Records contained in a dataset:
= Beginning of Section =
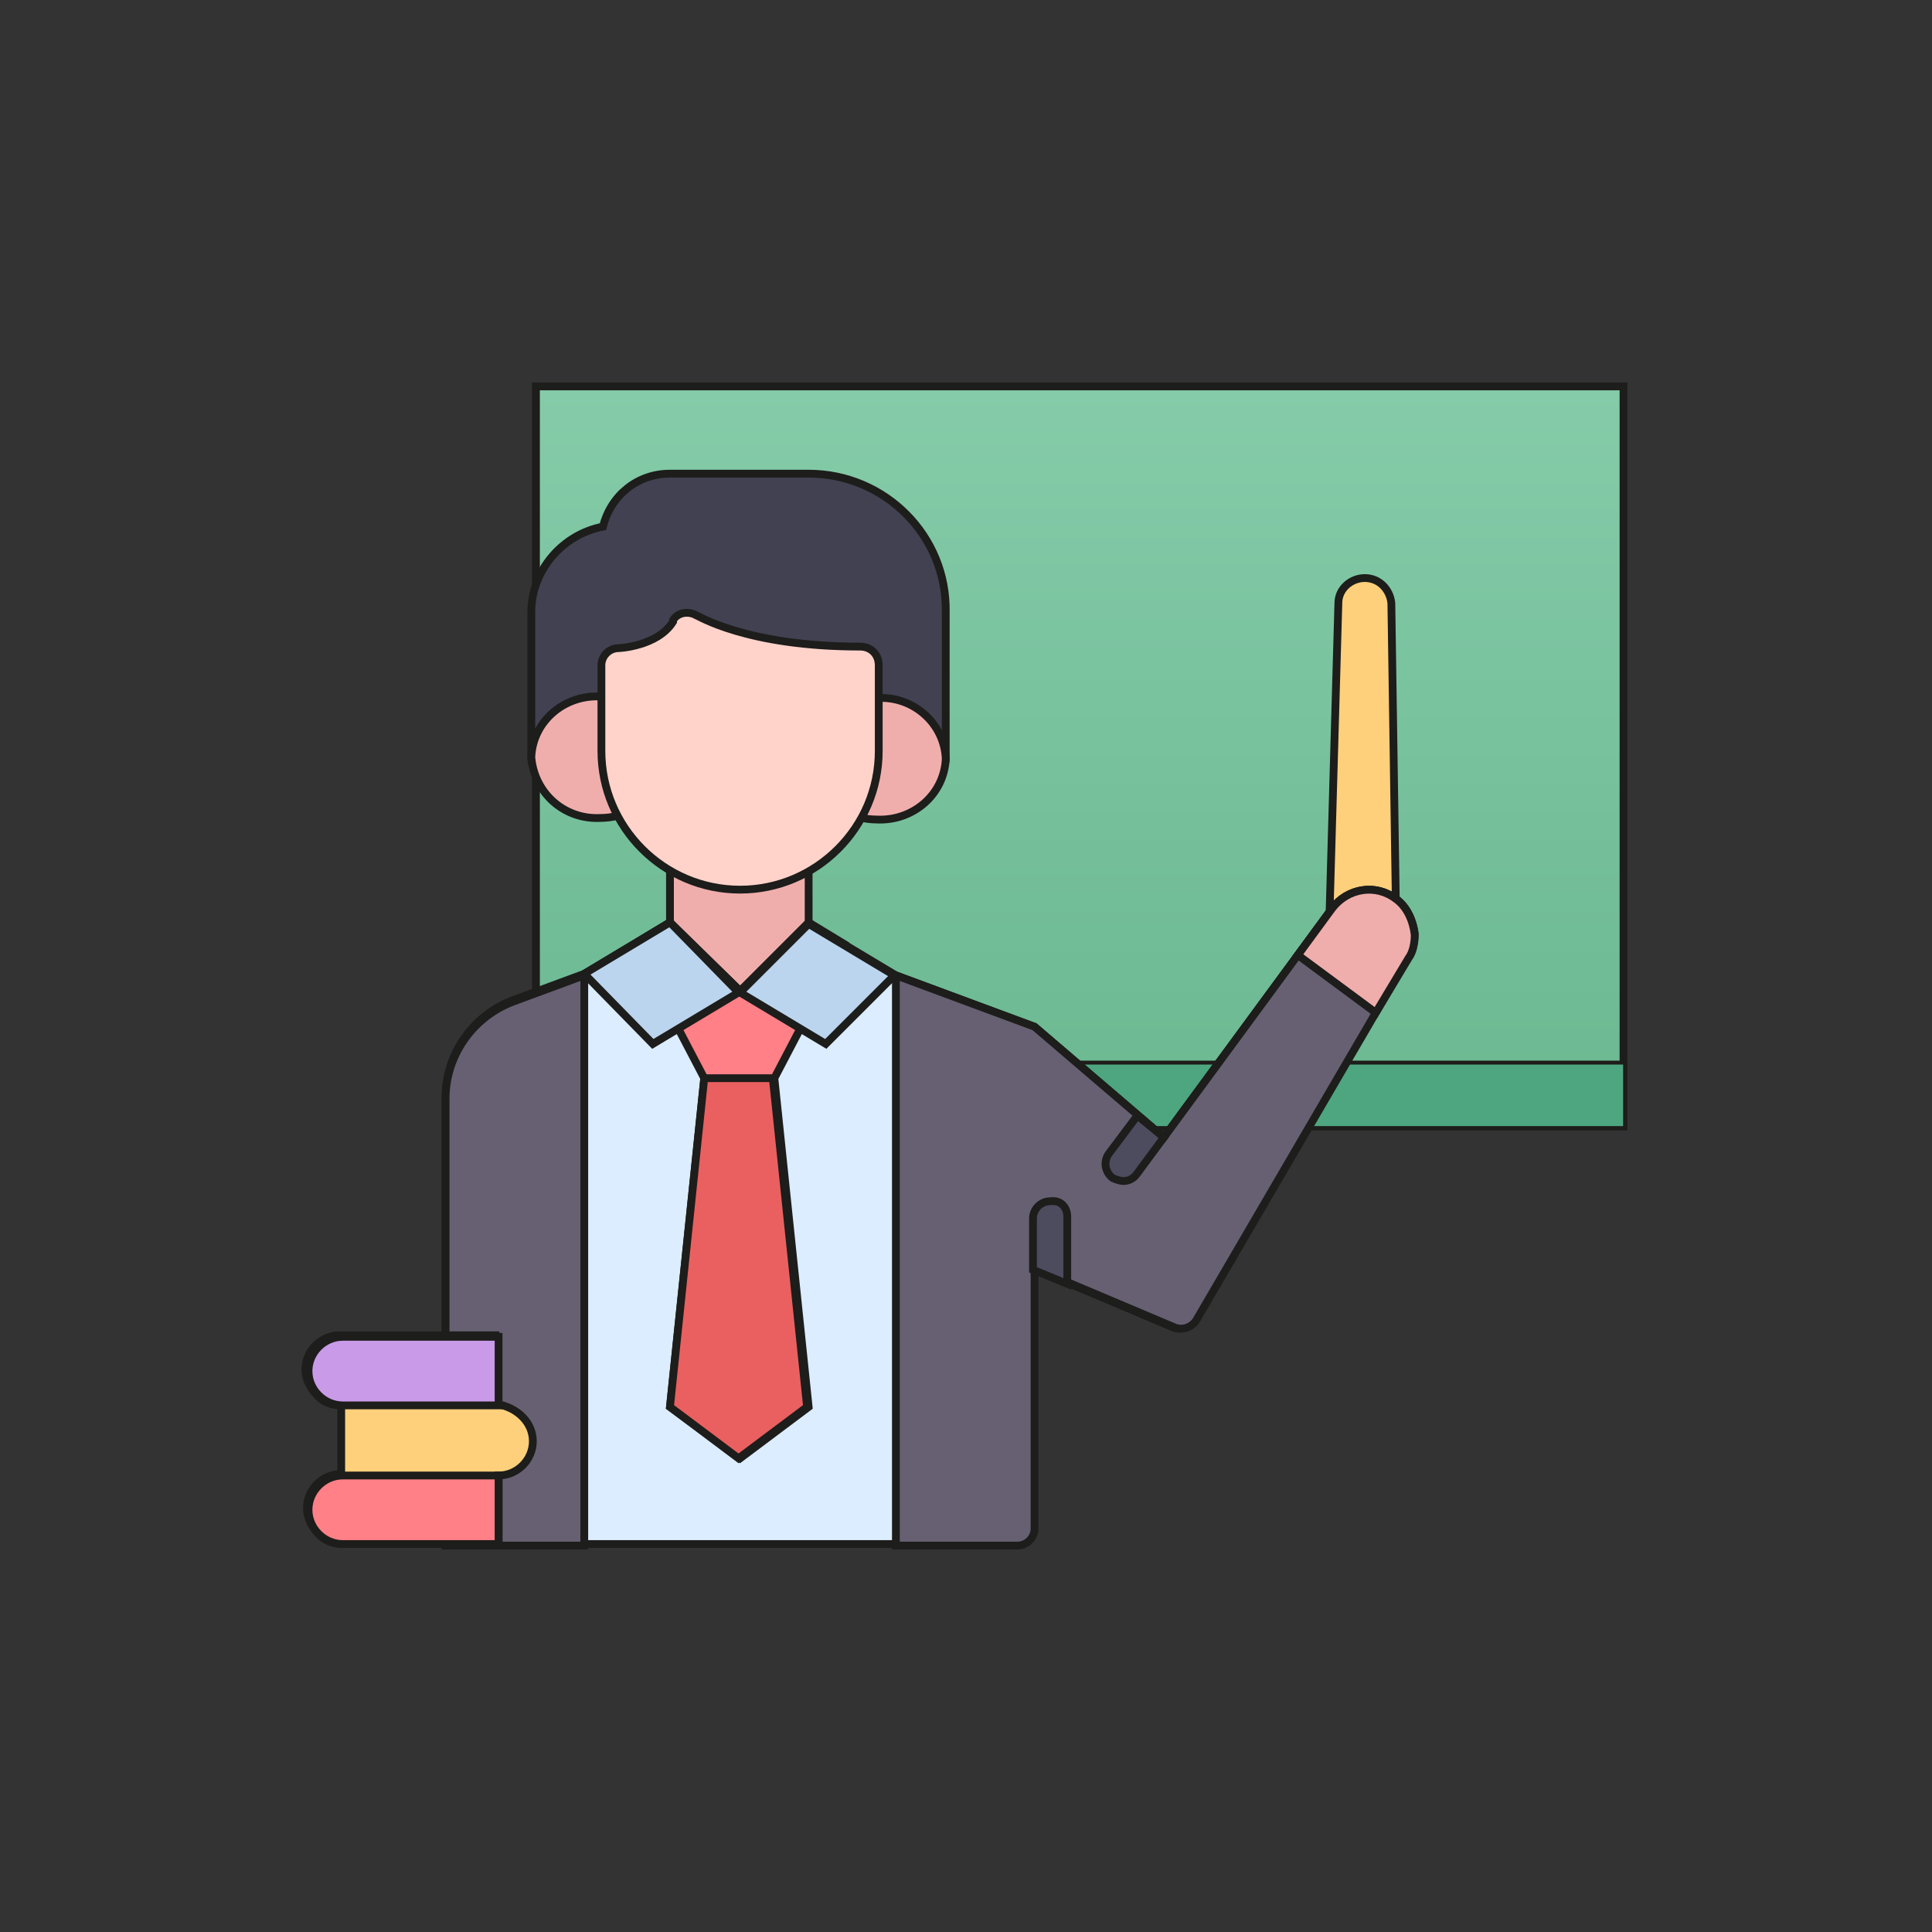 <?xml version="1.0" encoding="utf-8"?>
<!-- Generator: Adobe Illustrator 26.0.3, SVG Export Plug-In . SVG Version: 6.00 Build 0)  -->
<svg version="1.1" id="Layer_1" xmlns="http://www.w3.org/2000/svg" xmlns:xlink="http://www.w3.org/1999/xlink" x="0px" y="0px"
	 viewBox="0 0 124 124" style="enable-background:new 0 0 124 124;" xml:space="preserve">
<rect x="0" y="0" width="124" height="124" fill="#333333" stroke="none"/>
<style type="text/css">
	.st0{fill:url(#SVGID_1_);stroke:#1D1D1B;stroke-width:0.5;stroke-miterlimit:10;}
	.st1{fill:#4DA67F;stroke:#1D1D1B;stroke-width:0.25;stroke-miterlimit:10;}
	.st2{fill:#EFAEAC;stroke:#1D1D1B;stroke-width:0.5;stroke-miterlimit:10;}
	.st3{fill:#FFD07B;stroke:#1D1D1B;stroke-width:0.5;stroke-miterlimit:10;}
	.st4{fill:#DBEDFF;stroke:#1D1D1B;stroke-width:0.5;stroke-miterlimit:10;}
	.st5{fill:#FF8086;stroke:#1D1D1B;stroke-width:0.5;stroke-miterlimit:10;}
	.st6{fill:#414151;stroke:#1D1D1B;stroke-width:0.5;stroke-miterlimit:10;}
	.st7{fill:#EA6060;stroke:#1D1D1B;stroke-width:0.5;stroke-miterlimit:10;}
	.st8{fill:#676072;stroke:#1D1D1B;stroke-width:0.5;stroke-miterlimit:10;}
	.st9{fill:#C99AE8;stroke:#1D1D1B;stroke-width:0.5;stroke-miterlimit:10;}
	.st10{fill:#BBD5EF;stroke:#1D1D1B;stroke-width:0.5;stroke-miterlimit:10;}
	.st11{fill:#FFD3CA;stroke:#1D1D1B;stroke-width:0.5;stroke-miterlimit:10;}
	.st12{fill:#4D4B5E;stroke:#1D1D1B;stroke-width:0.5;stroke-miterlimit:10;}
</style>
<g>
	<g id="Teaching">
		
			<linearGradient id="SVGID_1_" gradientUnits="userSpaceOnUse" x1="-307.705" y1="320.81" x2="-307.705" y2="326.749" gradientTransform="matrix(8 0 0 -8 2530.945 2638.842)">
			<stop  offset="0" style="stop-color:#6AB891"/>
			<stop  offset="1" style="stop-color:#85CBA9"/>
		</linearGradient>
		<path class="st0" d="M104.2,24.8v47.5H34.4V24.8H104.2z"/>
		<path class="st1" d="M44.2,68.2h60.1v4.2H44.2V68.2z"/>
	</g>
	<g id="Teacher_Man">
		<path class="st2" d="M51.9,54.5v5.8l-4.4,4.4L43,60.3v-5.8C45.7,56.4,49.3,56.4,51.9,54.5z"/>
		<path class="st3" d="M89.6,58.8L89.6,58.8c-1-1-2.5-1.1-3.5-0.1c-0.1,0.1-0.2,0.2-0.3,0.4l-0.5,0.7l0.6-21.1
			c0-0.9,0.8-1.6,1.7-1.6c0.9,0,1.6,0.7,1.7,1.6L89.6,58.8z"/>
		<path class="st4" d="M89.6,57.7c-1.3-1-3.1-0.7-4.1,0.6c0,0,0,0,0,0L74.7,73l-8.3-7.1l-8.9-3.3l-5.5-3.3l-4.4,4.4L43,59.2
			l-5.5,3.3l-4.6,1.7c-2.6,1-4.3,3.5-4.3,6.2v28.7h36.6c0.6,0,1.1-0.5,1.1-1.1V81.4l9,3.8c0.5,0.2,1.1,0,1.4-0.5l13.6-23.3
			c0.3-0.4,0.4-1,0.4-1.5C90.7,59.1,90.3,58.2,89.6,57.7z"/>
		<path class="st5" d="M47.5,93.6l4.4-3.3l-2.2-21.1l4.5-8.6l-2.3-1.4l-4.4,4.4L43,59.2l-2.3,1.4l4.5,8.6L43,90.3L47.5,93.6z"/>
		<path class="st6" d="M51.9,30.4H43c-2.1,0-3.8,1.4-4.3,3.4c-2.6,0.5-4.6,2.8-4.6,5.5v9.4c0,0.6,0.5,1.1,1.1,1.1c0,0,0,0,0,0h24.4
			c0.6,0,1.1-0.5,1.1-1.1c0,0,0,0,0,0v-9.4C60.8,34.4,56.8,30.4,51.9,30.4z"/>
		<path class="st7" d="M43,90.3l4.4,3.3l4.4-3.3l-2.2-21.1h-4.4L43,90.3z"/>
		<path class="st8" d="M89.6,57.7c-1.3-1-3.1-0.7-4.1,0.6c0,0,0,0,0,0L74.7,73l-8.3-7.1l-8.9-3.3v36.6h7.8c0.6,0,1.1-0.5,1.1-1.1
			V81.4l9,3.8c0.5,0.2,1.1,0,1.4-0.5l13.6-23.3c0.3-0.4,0.4-1,0.4-1.5C90.7,59.1,90.3,58.2,89.6,57.7z"/>
		<path class="st8" d="M37.5,62.6l-4.6,1.7c-2.6,1-4.3,3.5-4.3,6.2v28.7h8.9V62.6z"/>
		<path class="st2" d="M56.4,44.8c-0.5,0-1,0.1-1.5,0.2c-0.5,0.1-0.8,0.6-0.8,1.1v2.1c0,0.9-0.2,1.7-0.5,2.5c-0.2,0.5,0,1.2,0.5,1.4
			c0.7,0.3,1.4,0.5,2.2,0.5c2.3,0.1,4.3-1.6,4.4-3.9C60.6,46.4,58.6,44.7,56.4,44.8z"/>
		<path class="st2" d="M40.8,48.1v-2.1c0-0.5-0.3-0.9-0.8-1.1c-0.5-0.1-1-0.2-1.5-0.2c-2.3-0.1-4.3,1.6-4.4,3.9
			c0.2,2.3,2.1,4,4.4,3.9c0.8,0,1.5-0.2,2.2-0.5c0.5-0.3,0.8-0.9,0.5-1.4C41,49.9,40.8,49,40.8,48.1z"/>
		<path class="st3" d="M34.2,92.5c0,1.2-1,2.2-2.2,2.2v4.4H22c-0.6,0-1.2-0.2-1.6-0.7c-0.4-0.4-0.7-1-0.7-1.6c0-1.2,1-2.2,2.2-2.2
			v-4.4c-0.6,0-1.2-0.2-1.6-0.7c-0.4-0.4-0.7-1-0.7-1.6c0-1.2,1-2.2,2.2-2.2h10v4.4C33.2,90.3,34.2,91.3,34.2,92.5z"/>
		<path class="st5" d="M22,94.7c-1.2,0-2.2,1-2.2,2.2c0,1.2,1,2.2,2.2,2.2h10v-4.4H22z"/>
		<path class="st9" d="M22,85.8c-1.2,0-2.2,1-2.2,2.2c0,1.2,1,2.2,2.2,2.2h10v-4.4H22z"/>
		<path class="st2" d="M89.6,57.7c-1.3-1-3.1-0.7-4.1,0.6c0,0,0,0,0,0l-2.2,3l0,0l5,3.7l2.1-3.5c0.3-0.4,0.4-1,0.4-1.5
			C90.7,59.1,90.3,58.2,89.6,57.7L89.6,57.7z"/>
		<path class="st10" d="M53,67l-5.5-3.3l4.4-4.4l5.5,3.3L53,67z"/>
		<path class="st10" d="M41.9,67l5.5-3.3L43,59.2l-5.5,3.3L41.9,67z"/>
		<path class="st11" d="M55.2,41.5c-7.3,0-10.4-2-10.5-2c-0.5-0.3-1.2-0.2-1.5,0.3c0,0,0,0,0,0.1c-1,1.6-3.5,1.7-3.5,1.7
			c-0.6,0-1.1,0.5-1.1,1.1c0,0,0,0,0,0v5.5c0,4.9,4,8.9,8.9,8.9c4.9,0,8.9-4,8.9-8.9v-5.5C56.4,42,55.9,41.5,55.2,41.5
			C55.2,41.5,55.2,41.5,55.2,41.5z"/>
		<g>
			<path class="st12" d="M68.5,78.1v4.3l-2.2-0.9v-3.3c0-0.6,0.5-1.1,1.1-1.1C68.1,77,68.5,77.5,68.5,78.1z"/>
			<path class="st12" d="M74.7,73L73,75.3c-0.2,0.3-0.5,0.5-0.9,0.5c-0.2,0-0.5-0.1-0.7-0.2c-0.5-0.4-0.6-1.1-0.2-1.6l1.8-2.4
				L74.7,73z"/>
		</g>
	</g>
</g>
</svg>
= End of Section =
** WORK TASK **
Only the lines that hold the word "stop" are wanted; each should be pulled from the records.

** ANSWER FOR THIS EXERCISE **
			<stop  offset="0" style="stop-color:#6AB891"/>
			<stop  offset="1" style="stop-color:#85CBA9"/>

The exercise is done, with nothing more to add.